LIMITATION OF LIABILITY & INDEMNIFICATION

In no event shall Company be liable under these Terms to Customer or any other third party for consequential, indirect, incidental, special, exemplary, punitive, or enhanced damages, arising out of, relating to, or in connection with the Services, the Items, or any breach of these Terms, regardless of (a) whether such damages were foreseeable; (b) whether or not Client was advised of such damages; and (c) the legal or equitable theory (contract, tort, or otherwise) upon which the claim is based. Client’s maximum remedy, regardless of the form of action, whether in contract, tort, or otherwise, shall be limited to the cost of the Services earned up until the time of any cause of action. Customer will indemnify, hold harmless, and defend Company from all claims, demands, or causes of action hereafter brought or made by third parties arising out of, or connected with the Items, including but not limited to Customer’s misrepresentation of Customer’s authority to dispose of the Items.

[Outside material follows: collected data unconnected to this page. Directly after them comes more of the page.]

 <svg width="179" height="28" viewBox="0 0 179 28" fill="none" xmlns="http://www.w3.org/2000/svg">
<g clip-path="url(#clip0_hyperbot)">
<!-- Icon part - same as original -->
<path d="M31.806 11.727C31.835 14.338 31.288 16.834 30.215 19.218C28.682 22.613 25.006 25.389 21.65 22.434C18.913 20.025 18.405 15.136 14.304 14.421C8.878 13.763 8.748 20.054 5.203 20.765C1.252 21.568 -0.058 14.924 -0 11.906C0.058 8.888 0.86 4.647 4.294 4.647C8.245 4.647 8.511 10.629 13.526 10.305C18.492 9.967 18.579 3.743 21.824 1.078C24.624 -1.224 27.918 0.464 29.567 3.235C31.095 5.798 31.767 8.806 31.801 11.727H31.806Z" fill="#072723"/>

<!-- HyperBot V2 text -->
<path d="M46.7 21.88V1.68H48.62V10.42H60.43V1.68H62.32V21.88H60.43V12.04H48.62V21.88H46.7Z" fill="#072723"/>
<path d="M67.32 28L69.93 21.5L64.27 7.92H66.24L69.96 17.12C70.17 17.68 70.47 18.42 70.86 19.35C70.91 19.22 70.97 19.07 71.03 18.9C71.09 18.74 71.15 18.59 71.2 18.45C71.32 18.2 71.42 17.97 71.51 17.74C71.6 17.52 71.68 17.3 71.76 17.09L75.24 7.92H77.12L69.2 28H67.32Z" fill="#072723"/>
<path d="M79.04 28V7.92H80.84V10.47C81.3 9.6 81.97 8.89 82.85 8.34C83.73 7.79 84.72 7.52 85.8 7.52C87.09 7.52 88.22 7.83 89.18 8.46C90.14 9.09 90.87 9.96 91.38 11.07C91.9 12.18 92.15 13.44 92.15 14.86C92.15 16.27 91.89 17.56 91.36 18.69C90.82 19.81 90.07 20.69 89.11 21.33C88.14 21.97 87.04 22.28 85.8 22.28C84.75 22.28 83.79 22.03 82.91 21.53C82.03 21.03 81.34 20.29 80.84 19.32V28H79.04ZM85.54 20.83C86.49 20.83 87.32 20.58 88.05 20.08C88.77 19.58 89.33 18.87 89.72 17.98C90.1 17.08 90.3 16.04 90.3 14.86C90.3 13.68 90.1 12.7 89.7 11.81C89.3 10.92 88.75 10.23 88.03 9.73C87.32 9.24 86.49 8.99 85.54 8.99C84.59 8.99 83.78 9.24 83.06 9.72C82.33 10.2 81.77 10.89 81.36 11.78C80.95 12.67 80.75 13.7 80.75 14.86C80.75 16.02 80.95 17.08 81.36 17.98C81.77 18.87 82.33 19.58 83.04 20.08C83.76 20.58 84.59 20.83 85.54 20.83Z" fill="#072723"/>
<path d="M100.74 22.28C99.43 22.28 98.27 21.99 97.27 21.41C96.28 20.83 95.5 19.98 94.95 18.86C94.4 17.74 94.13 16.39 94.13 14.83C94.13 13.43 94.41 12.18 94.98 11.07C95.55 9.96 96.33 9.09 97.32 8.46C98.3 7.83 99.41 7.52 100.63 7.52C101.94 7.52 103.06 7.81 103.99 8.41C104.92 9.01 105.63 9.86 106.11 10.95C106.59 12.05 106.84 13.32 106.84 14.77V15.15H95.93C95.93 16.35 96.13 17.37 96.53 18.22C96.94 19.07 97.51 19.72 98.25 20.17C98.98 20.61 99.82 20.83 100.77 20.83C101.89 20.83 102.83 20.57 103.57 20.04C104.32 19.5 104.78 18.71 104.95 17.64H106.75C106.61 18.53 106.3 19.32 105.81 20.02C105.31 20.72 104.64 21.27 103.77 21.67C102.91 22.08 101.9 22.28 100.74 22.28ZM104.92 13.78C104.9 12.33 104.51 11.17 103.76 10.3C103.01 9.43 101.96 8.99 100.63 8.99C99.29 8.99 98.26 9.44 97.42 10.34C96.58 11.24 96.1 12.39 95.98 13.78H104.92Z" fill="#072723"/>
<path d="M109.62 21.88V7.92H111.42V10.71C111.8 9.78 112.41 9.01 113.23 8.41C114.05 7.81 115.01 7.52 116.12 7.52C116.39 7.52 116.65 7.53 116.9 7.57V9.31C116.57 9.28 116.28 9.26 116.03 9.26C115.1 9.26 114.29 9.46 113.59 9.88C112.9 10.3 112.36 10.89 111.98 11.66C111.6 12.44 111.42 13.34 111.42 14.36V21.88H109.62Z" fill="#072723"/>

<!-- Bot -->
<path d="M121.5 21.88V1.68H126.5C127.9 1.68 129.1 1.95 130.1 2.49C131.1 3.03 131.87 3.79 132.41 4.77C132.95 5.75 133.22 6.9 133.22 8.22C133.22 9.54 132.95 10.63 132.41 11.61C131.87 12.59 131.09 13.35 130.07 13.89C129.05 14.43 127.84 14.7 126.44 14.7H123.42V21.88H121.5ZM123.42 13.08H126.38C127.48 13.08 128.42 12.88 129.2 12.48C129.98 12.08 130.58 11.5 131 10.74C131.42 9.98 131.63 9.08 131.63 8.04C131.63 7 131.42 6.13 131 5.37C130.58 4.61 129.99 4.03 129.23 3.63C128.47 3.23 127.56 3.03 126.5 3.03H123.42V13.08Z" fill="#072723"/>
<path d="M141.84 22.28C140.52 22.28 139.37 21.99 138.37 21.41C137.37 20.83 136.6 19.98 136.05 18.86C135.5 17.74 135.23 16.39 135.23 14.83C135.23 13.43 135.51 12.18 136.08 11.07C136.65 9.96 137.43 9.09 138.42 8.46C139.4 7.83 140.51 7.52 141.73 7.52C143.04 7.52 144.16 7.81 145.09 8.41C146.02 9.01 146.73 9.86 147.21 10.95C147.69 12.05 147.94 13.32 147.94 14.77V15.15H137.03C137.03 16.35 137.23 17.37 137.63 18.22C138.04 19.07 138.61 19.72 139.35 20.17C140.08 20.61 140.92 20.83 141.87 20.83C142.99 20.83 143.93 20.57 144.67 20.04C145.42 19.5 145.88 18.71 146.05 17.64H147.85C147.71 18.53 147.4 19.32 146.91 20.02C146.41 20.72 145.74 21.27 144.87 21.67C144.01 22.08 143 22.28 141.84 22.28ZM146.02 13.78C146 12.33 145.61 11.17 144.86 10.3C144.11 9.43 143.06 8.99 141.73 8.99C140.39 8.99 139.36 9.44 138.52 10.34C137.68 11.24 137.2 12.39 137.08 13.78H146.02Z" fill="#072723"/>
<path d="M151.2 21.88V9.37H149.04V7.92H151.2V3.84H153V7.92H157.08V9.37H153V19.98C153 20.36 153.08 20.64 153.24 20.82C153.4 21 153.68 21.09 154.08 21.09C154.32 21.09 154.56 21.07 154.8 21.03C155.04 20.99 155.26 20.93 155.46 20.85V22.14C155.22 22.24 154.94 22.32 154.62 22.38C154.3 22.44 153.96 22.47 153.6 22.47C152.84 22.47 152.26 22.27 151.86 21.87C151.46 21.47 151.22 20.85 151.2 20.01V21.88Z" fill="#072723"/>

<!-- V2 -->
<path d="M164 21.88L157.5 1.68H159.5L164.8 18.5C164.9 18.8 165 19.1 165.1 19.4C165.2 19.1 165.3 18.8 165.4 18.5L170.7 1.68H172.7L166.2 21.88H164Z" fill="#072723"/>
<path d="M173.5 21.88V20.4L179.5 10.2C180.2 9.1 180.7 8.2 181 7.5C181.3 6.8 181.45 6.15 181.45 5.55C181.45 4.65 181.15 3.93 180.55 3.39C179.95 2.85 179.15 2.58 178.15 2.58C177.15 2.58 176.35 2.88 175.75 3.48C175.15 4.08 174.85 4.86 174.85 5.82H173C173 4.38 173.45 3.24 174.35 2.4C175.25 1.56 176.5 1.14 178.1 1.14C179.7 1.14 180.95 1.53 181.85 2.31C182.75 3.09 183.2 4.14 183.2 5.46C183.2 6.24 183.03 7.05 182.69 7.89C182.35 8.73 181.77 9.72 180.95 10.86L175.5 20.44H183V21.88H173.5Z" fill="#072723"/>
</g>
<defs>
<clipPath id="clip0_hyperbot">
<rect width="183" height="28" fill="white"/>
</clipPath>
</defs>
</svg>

EXCEPT AS SPECIFICALLY DEFINED IN THESE TERMS, COMPANY MAKES NO WARRANTIES, WRITTEN OR ORAL, STATUTORY, EXPRESSED OR IMPLIED, INCLUDING ANY IMPLIED WARRANTY OF MERCHANTABILITY OR FITNESS FOR A PARTICULAR PURPOSE, EXCEPT SUCH WARRANTIES WHICH MAY EXTEND FROM AND ARE SOLELY RECOVERABLE AGAINST THE MANUFACTURER. ANY WARRANTIES APPLICABLE TO COMPANY LABOR AND WORKMANSHIP SHALL NOT APPLY IF COMPANY HAS NOT BEEN PAID IN FULL FOR THE SERVICES PURSUANT TO THESE TERMS.

 
FORCE MAJEURE

Neither party shall be liable nor shall be deemed to have defaulted under or breached this Terms and Conditions, for any failure or delay in fulfilling or performing any provision of this Terms and Conditions, when and to the extent such failure or delay is caused by or results from acts beyond the affected party’s reasonable control (”Force Majeure”), in which case, the Parties shall agree to a rescheduled timeline for the Services. If the Force Majeure event results in the full inability for the Services to be performed (destruction of the property, etc.), then the affected party shall notify the other, and these Terms and Conditions shall be terminated without liability, and any payments will be returned.

 
PHOTO RELEASE

Customer grants to Company the irrevocable right to use images related to the Services for business promotion and any other lawful purpose, including but not limited to before and after photos, however, Company agrees not to use Customer’s or Customer’s tenant’s, if applicable, name, address, or personal identifying information without additional permission from Customer.

 
MISCELLANEOUS

This Terms and Conditions sets forth the entire agreement of the parties and shall govern, supersede, and cancel all previous communications, advertising, representations, or understandings prior to this Terms and Conditions. No supplement, modification, or waiver of this Terms and Conditions shall be binding unless executed in writing by the Parties. No changes or additions to the Terms and Conditions whatsoever are binding absent a writing signed by Company and Customer. These Terms and Conditions shall not be assigned by the Customer without first receiving Company’s written consent, which may be denied in Company’s sole discretion. Subject to the preceding sentence, this Terms and Conditions shall apply to, bind, and be obligatory upon the heirs, executors, administrators, representatives, successors, and assignees of the parties hereto. This Terms and Conditions is governed by, and to be construed in accordance with, the laws of Pennsylvania. If Company is successful in any litigation, Company shall be entitled to payment of the cost of reasonable attorneys’ fees. If any of the provisions of this Terms and Conditions are found to be unenforceable, the remainder shall be enforced as fully as possible, with the unenforceable provision(s) to be modified to the extent to allow it to be enforceable by law. Failure by Company to enforce a right or seek a remedy under this Terms and Conditions shall not be construed as a waiver of such rights/remedies.

Customer agrees that Customer has read, understood, and agreed to the terms and conditions of this Agreement and is responsible for ensuring that full payment is made pursuant to the terms of this Agreement.